Prep 10 mins
Cook 40 mins
This recipe comes from Paula Deen's "Cooking with Paula Deen" magazine. I have not tried it yet but put here for safe keeping. She suggests this sandwich is served with a Bacon Horseradish Sauce ( Bacon Horseradish Sauce). Pork Tenderloin can be substituted for cost savings.
- 3⁄4 cup soy sauce
- 1⁄4 cup olive oil
- 3 tablespoons Worcestershire sauce
- 2 tablespoons fresh lemon juice
- 3 garlic cloves, minced
- 2 teaspoons ground black pepper
- 1 (4 1/2 lb) trimmed beef tenderloin
- 12 -15 onion rolls, split, buttered, and toasted
- In a large resealable plastic bag, combine soy sauce, oil, Worcestershire sauce, lemon juice, garlic, and pepper. Add tenderloin, seal bag, and refrigerate for at least 8 hours.
- Preheat oven to 425. Line a broiler pan with heavy-duty aluminum foil. Place rack on pan; spray with nonstick cooking spray.
- Drain tenderloin, discarding marinade. Place tenderloin on prepared pan. Bake for 40 to 45 minutes, or until a meat thermometer inserted in thickest portion reads 145. Let stand for 10 minutes before slicing.
- Spread desired amount of Bacon Horseradish Sauce over botttoms of buns. Top with desired amount of arugula. Top with sliced tenderloin. cover with bun tops. Serve immediately.

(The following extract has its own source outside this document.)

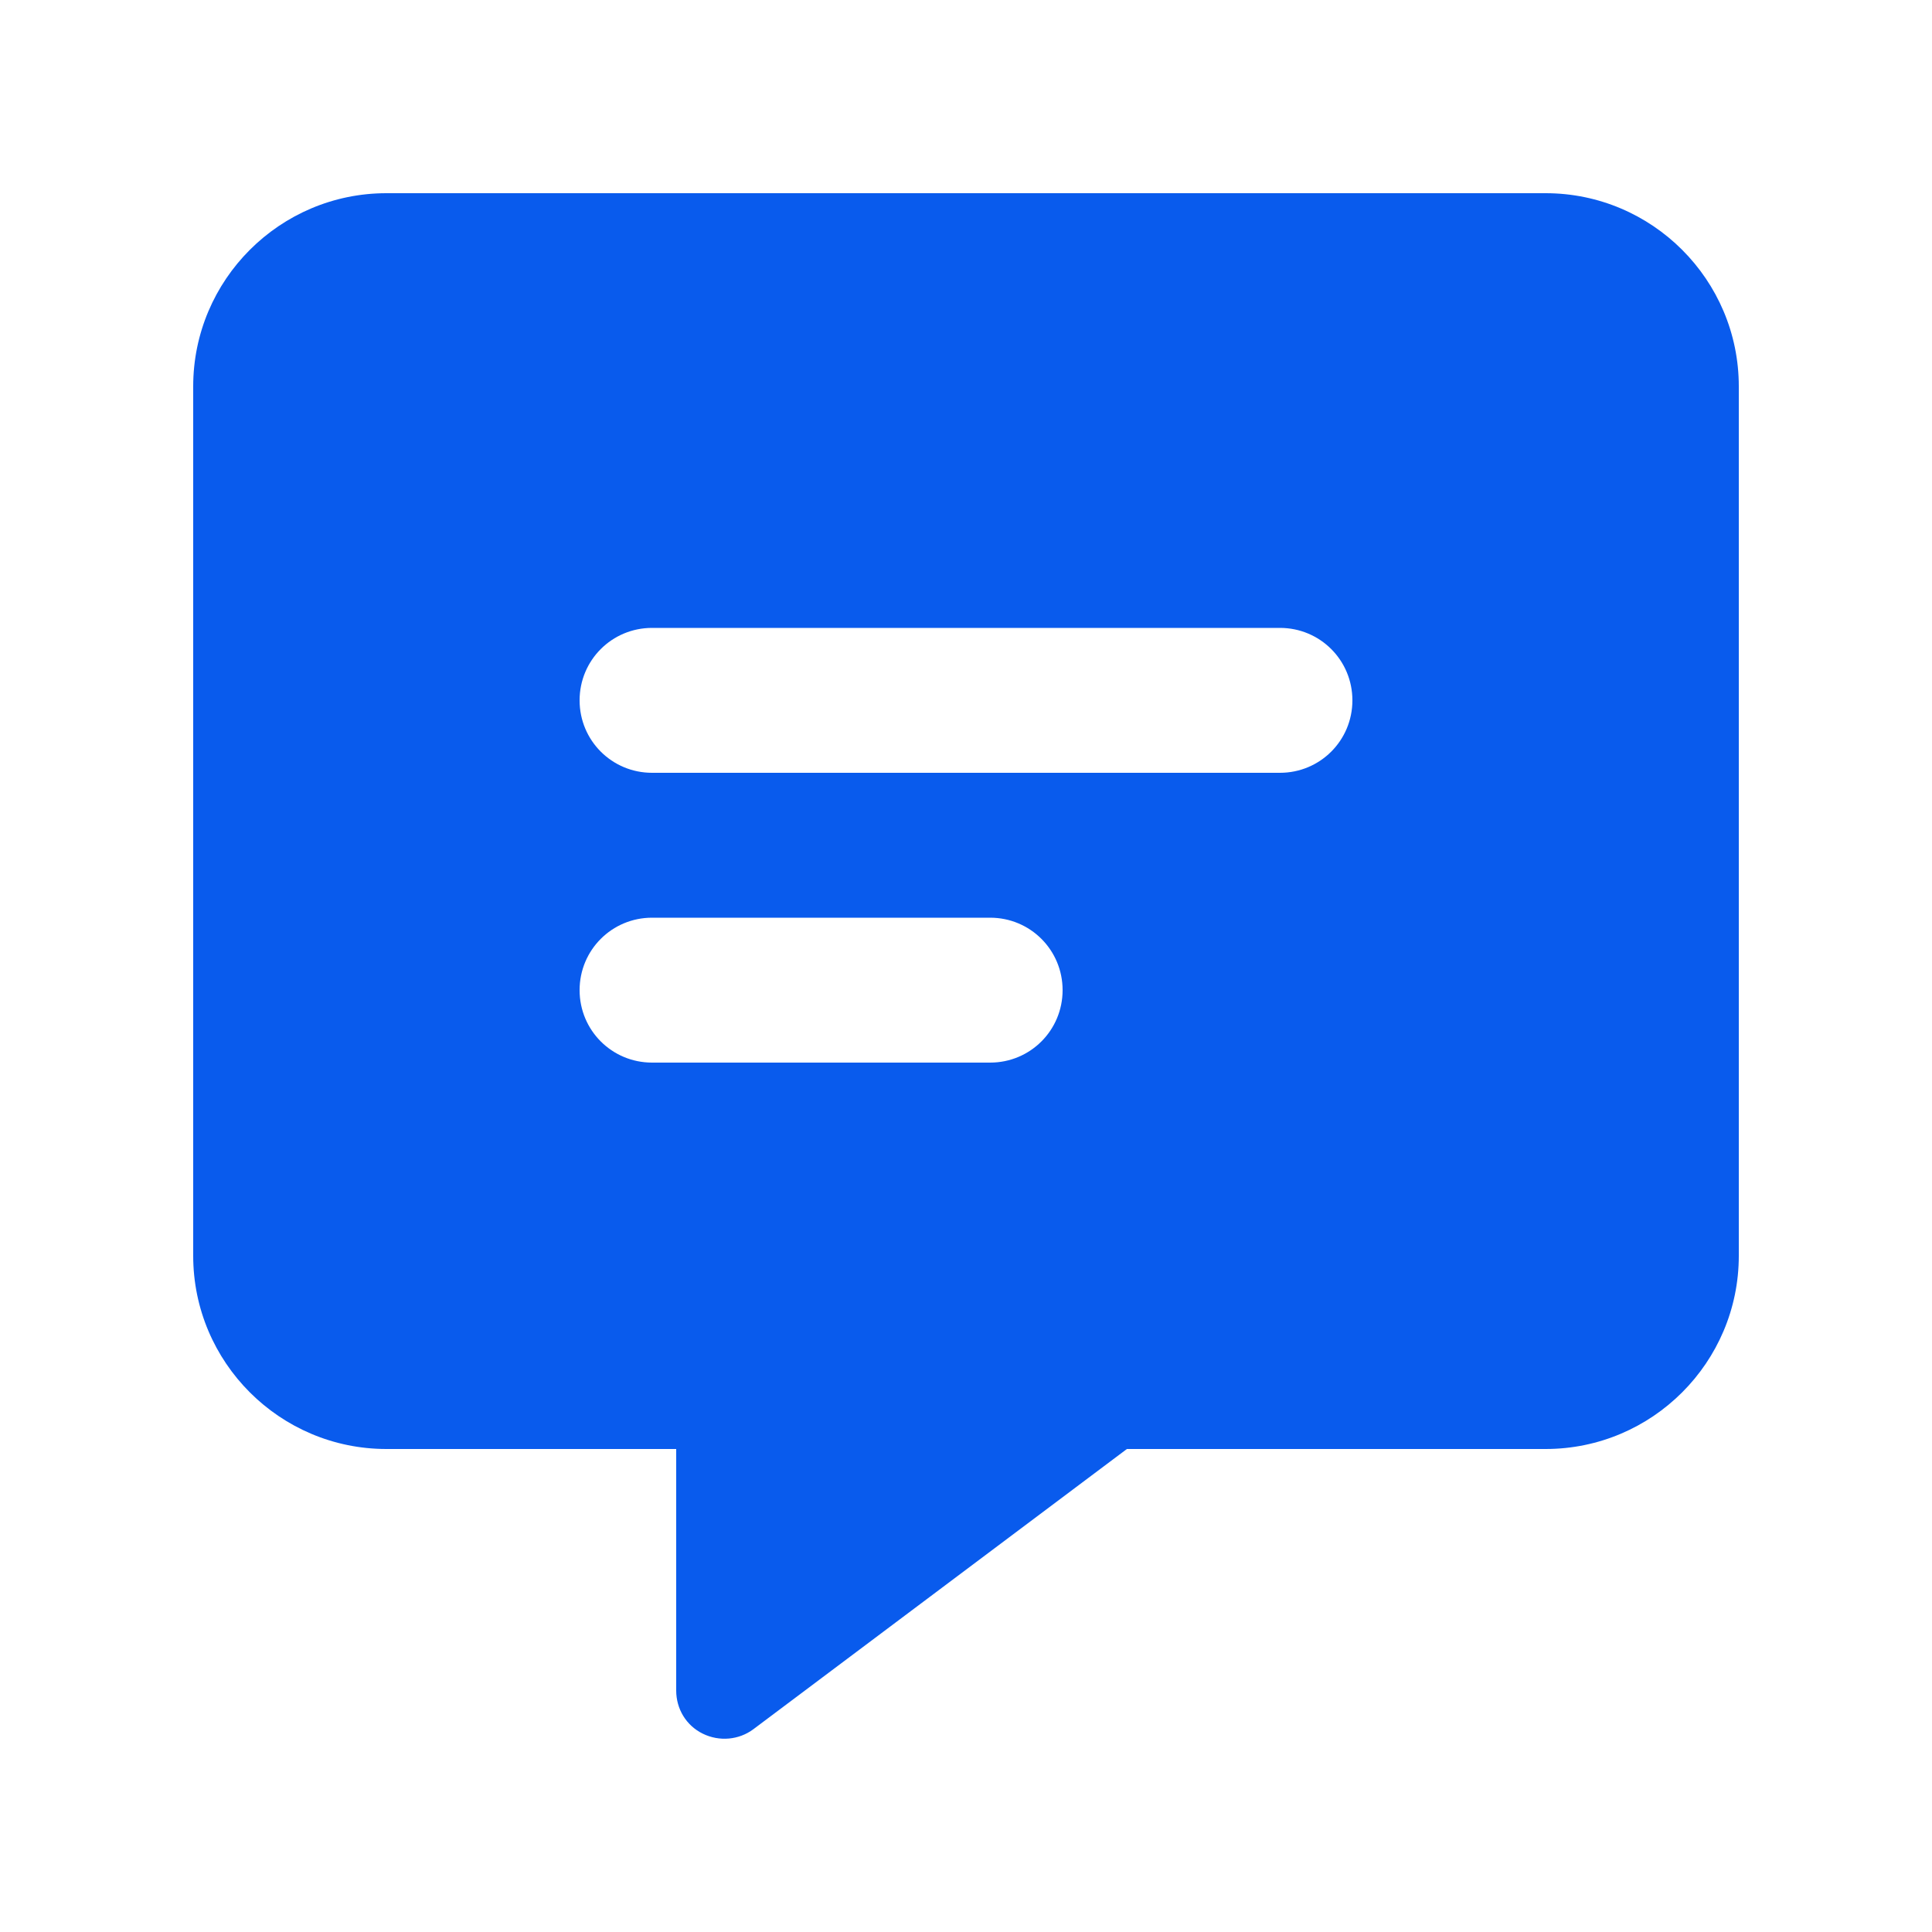 <svg width="800" height="800" viewBox="0 0 800 800" fill="none" xmlns="http://www.w3.org/2000/svg">
<path d="M80 160C80 115.875 115.875 80 160 80H640C684.125 80 720 115.875 720 160V520C720 564.125 684.125 600 640 600H466.625L312 716C306 720.5 297.875 721.25 291 717.875C284.125 714.5 280 707.625 280 700V600H160C115.875 600 80 564.125 80 520L80 160ZM270 260C253.375 260 240 273.375 240 290C240 306.625 253.375 320 270 320H530C546.625 320 560 306.625 560 290C560 273.375 546.625 260 530 260H270ZM270 380C253.375 380 240 393.375 240 410C240 426.625 253.375 440 270 440H410C426.625 440 440 426.625 440 410C440 393.375 426.625 380 410 380H270Z" fill="#095BED"/>
</svg>

This is not a review.....but rather a question. I copied this recipe down quickly when I was in a waiting room...I noticed that you have 3/4 cup soy sauce...I wrote down 1/4 cup soy sauce. Not sure if I made an error or if you did. I don't have the book to check which is the correct amount. The sandwiches look delicious!!